__What the task requires__. Drop the pictures, then repeat every record exactly as it stands.

[Data records Boundary: Start]

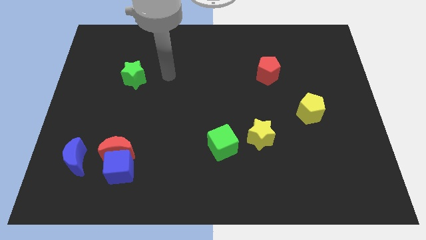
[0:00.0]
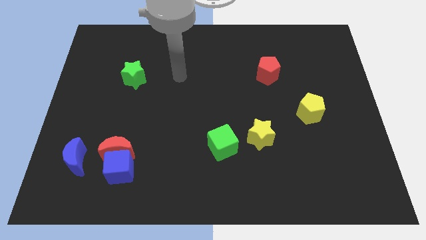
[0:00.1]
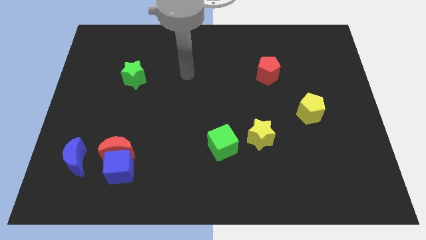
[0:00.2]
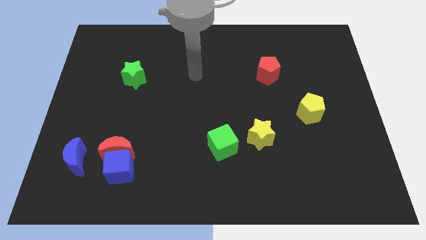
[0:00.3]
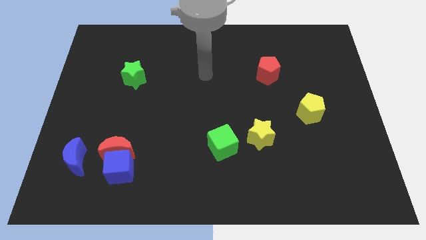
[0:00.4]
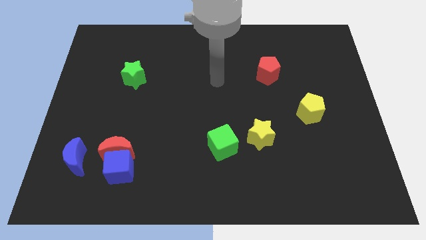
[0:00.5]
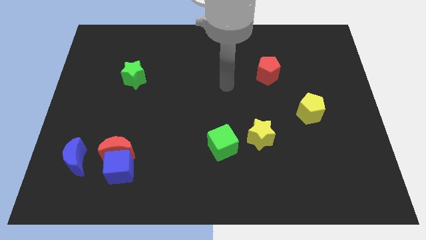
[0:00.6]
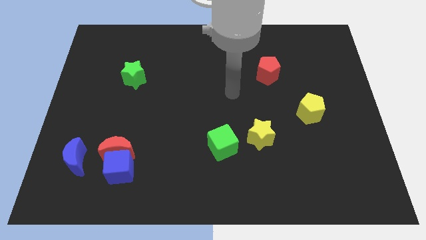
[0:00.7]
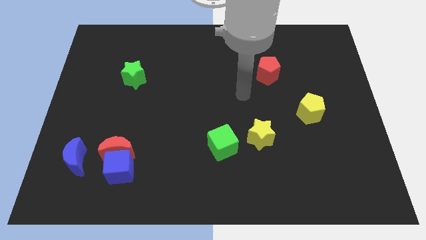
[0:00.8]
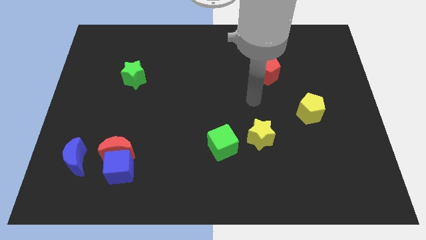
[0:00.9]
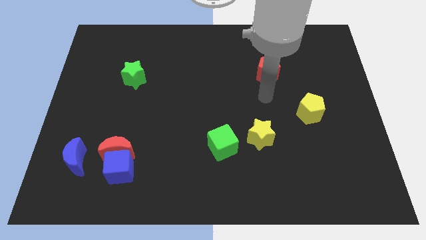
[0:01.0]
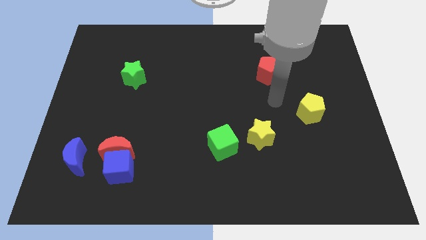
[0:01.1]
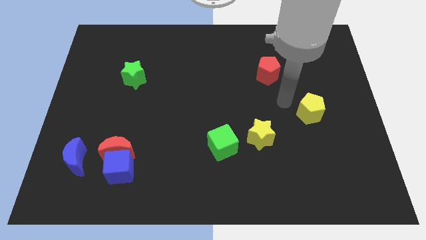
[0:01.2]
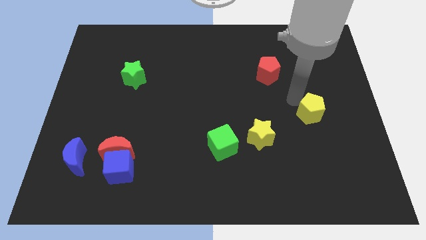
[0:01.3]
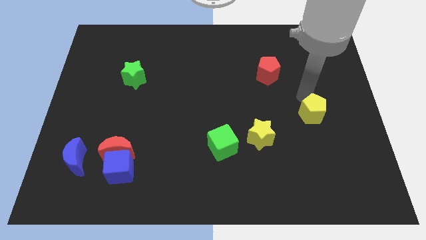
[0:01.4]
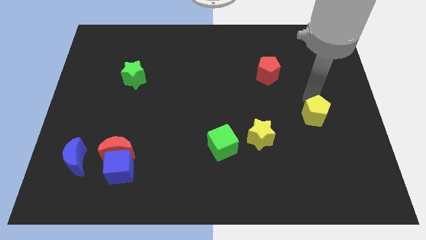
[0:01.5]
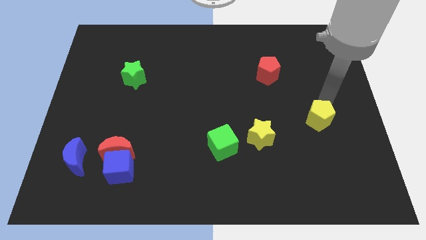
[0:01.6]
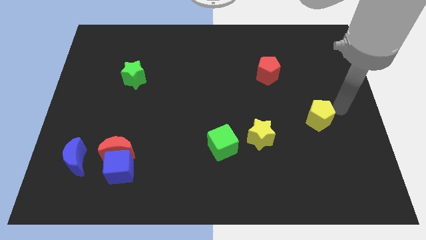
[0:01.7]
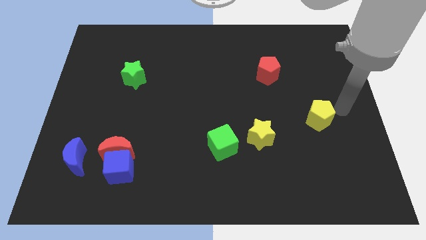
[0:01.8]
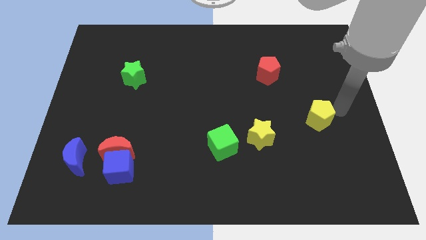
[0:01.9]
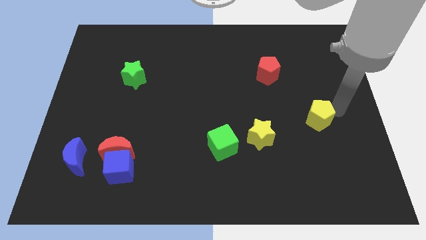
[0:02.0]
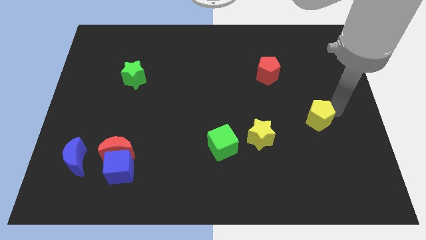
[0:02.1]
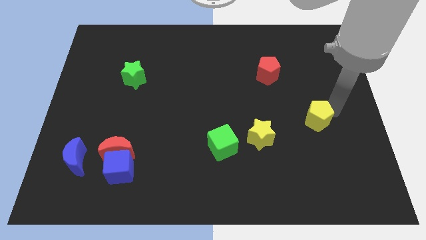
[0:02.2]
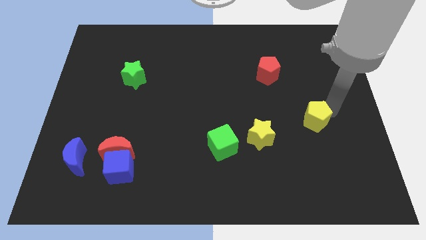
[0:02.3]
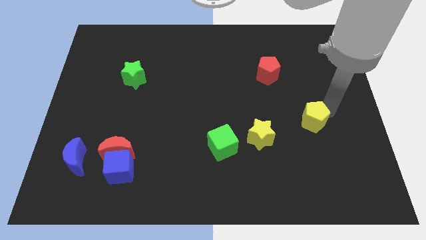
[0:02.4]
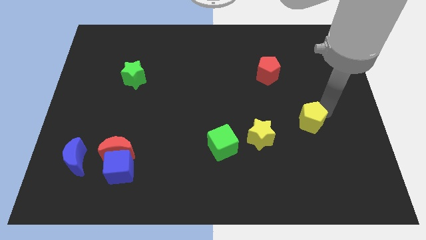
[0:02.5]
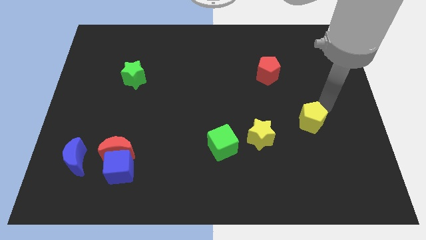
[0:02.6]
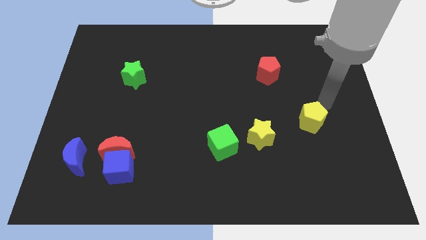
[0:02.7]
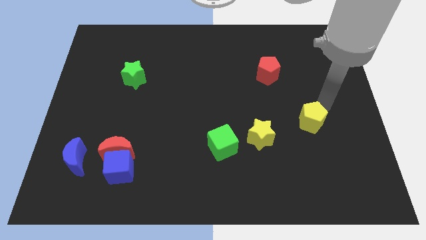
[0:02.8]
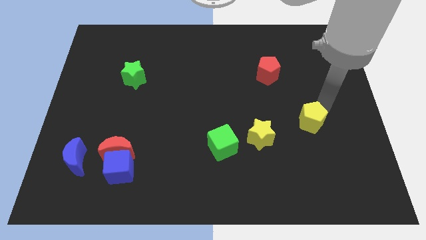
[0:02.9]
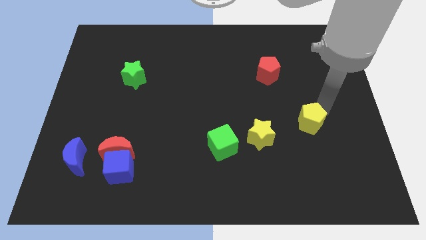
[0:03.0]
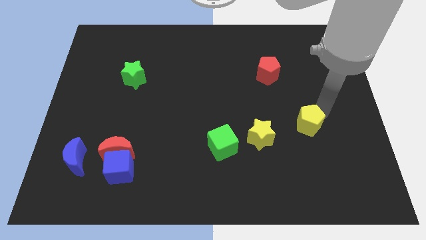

[Data records Boundary: End]

__Task answer__.
[0:00.0]
[0:00.1]
[0:00.2]
[0:00.3]
[0:00.4]
[0:00.5]
[0:00.6]
[0:00.7]
[0:00.8]
[0:00.9]
[0:01.0]
[0:01.1]
[0:01.2]
[0:01.3]
[0:01.4]
[0:01.5]
[0:01.6]
[0:01.7]
[0:01.8]
[0:01.9]
[0:02.0]
[0:02.1]
[0:02.2]
[0:02.3]
[0:02.4]
[0:02.5]
[0:02.6]
[0:02.7]
[0:02.8]
[0:02.9]
[0:03.0]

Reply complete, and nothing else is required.